(Work order):
Using the records below, write out only the lines from the line containing "Question: What is" up to and including the line containing "Answer: ރިލްވާންގެ ބައެއް", exactly, with no pictures.

(Record set):

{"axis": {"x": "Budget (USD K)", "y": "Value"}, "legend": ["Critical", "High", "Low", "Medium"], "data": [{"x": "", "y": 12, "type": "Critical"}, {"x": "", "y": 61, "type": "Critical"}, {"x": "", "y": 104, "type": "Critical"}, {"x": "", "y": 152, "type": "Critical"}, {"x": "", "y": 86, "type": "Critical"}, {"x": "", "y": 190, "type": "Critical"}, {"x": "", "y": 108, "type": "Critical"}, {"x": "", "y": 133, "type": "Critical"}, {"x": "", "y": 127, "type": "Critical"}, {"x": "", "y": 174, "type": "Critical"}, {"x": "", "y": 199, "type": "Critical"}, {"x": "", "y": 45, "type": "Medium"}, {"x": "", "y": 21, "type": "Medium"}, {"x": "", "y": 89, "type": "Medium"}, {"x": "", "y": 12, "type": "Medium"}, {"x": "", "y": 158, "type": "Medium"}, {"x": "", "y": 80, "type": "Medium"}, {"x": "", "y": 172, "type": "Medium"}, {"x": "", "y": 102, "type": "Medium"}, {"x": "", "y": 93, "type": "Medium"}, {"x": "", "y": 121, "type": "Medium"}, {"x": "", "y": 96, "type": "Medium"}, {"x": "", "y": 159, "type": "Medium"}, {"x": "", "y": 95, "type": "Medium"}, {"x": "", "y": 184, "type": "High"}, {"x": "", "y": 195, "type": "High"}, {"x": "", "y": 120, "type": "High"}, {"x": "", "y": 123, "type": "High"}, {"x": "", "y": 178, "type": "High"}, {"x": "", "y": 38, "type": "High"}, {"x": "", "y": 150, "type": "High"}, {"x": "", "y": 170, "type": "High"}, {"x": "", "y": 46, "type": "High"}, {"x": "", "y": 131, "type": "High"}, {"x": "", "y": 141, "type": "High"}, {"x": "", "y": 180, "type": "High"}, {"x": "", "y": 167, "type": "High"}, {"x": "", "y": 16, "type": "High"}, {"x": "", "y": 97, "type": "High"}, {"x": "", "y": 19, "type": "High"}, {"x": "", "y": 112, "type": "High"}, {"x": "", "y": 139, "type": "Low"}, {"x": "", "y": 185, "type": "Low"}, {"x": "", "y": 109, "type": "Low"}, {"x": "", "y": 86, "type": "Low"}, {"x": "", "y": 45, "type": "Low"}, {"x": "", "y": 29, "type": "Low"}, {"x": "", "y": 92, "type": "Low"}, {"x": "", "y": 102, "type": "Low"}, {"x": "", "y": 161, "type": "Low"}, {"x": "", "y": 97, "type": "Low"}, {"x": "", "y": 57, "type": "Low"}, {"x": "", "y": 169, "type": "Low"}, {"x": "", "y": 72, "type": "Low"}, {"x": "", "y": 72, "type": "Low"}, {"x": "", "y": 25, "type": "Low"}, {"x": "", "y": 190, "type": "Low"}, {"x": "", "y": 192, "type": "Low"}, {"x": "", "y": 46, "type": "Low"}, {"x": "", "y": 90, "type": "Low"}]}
* * *
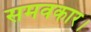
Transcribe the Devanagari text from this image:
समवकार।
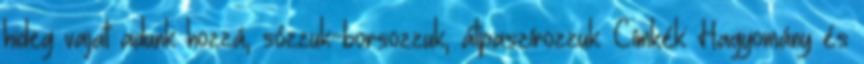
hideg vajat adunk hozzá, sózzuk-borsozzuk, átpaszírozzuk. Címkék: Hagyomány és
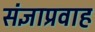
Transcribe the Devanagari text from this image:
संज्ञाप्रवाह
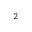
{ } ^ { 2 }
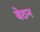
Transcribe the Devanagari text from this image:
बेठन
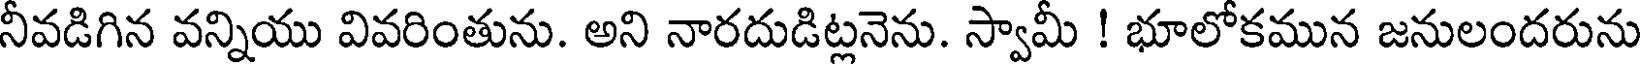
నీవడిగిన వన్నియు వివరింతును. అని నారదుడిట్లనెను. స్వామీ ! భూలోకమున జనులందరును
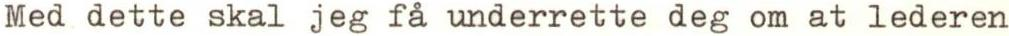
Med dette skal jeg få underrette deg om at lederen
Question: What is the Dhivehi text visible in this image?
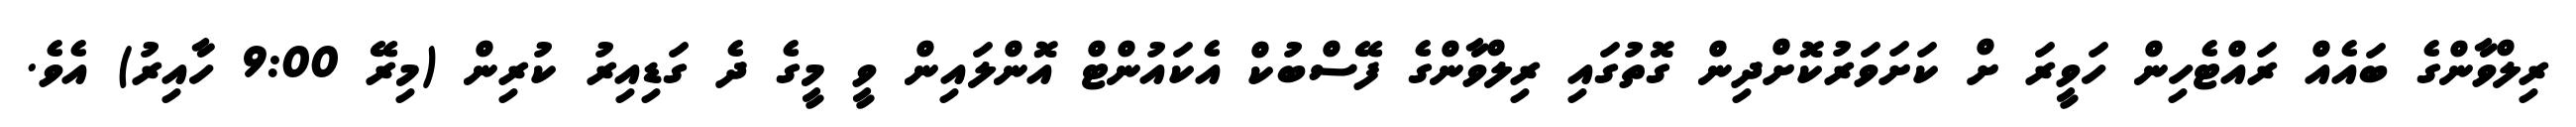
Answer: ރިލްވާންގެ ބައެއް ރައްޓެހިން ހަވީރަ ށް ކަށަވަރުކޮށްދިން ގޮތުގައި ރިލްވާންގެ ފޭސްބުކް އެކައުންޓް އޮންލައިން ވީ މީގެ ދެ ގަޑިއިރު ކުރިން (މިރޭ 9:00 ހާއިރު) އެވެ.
...
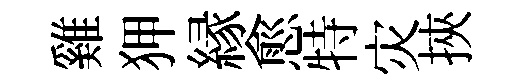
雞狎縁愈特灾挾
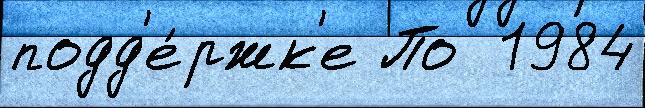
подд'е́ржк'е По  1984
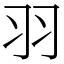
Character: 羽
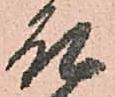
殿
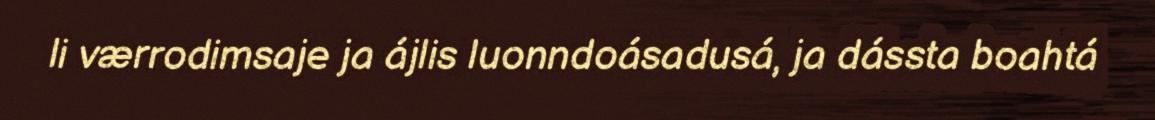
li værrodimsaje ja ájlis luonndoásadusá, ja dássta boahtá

(Response to the exercise):
Question: What is the Dhivehi text visible in this image?
Answer: ރިލްވާންގެ ބައެއް ރައްޓެހިން ހަވީރަ ށް ކަށަވަރުކޮށްދިން ގޮތުގައި ރިލްވާންގެ ފޭސްބުކް އެކައުންޓް އޮންލައިން ވީ މީގެ ދެ ގަޑިއިރު ކުރިން (މިރޭ 9:00 ހާއިރު) އެވެ.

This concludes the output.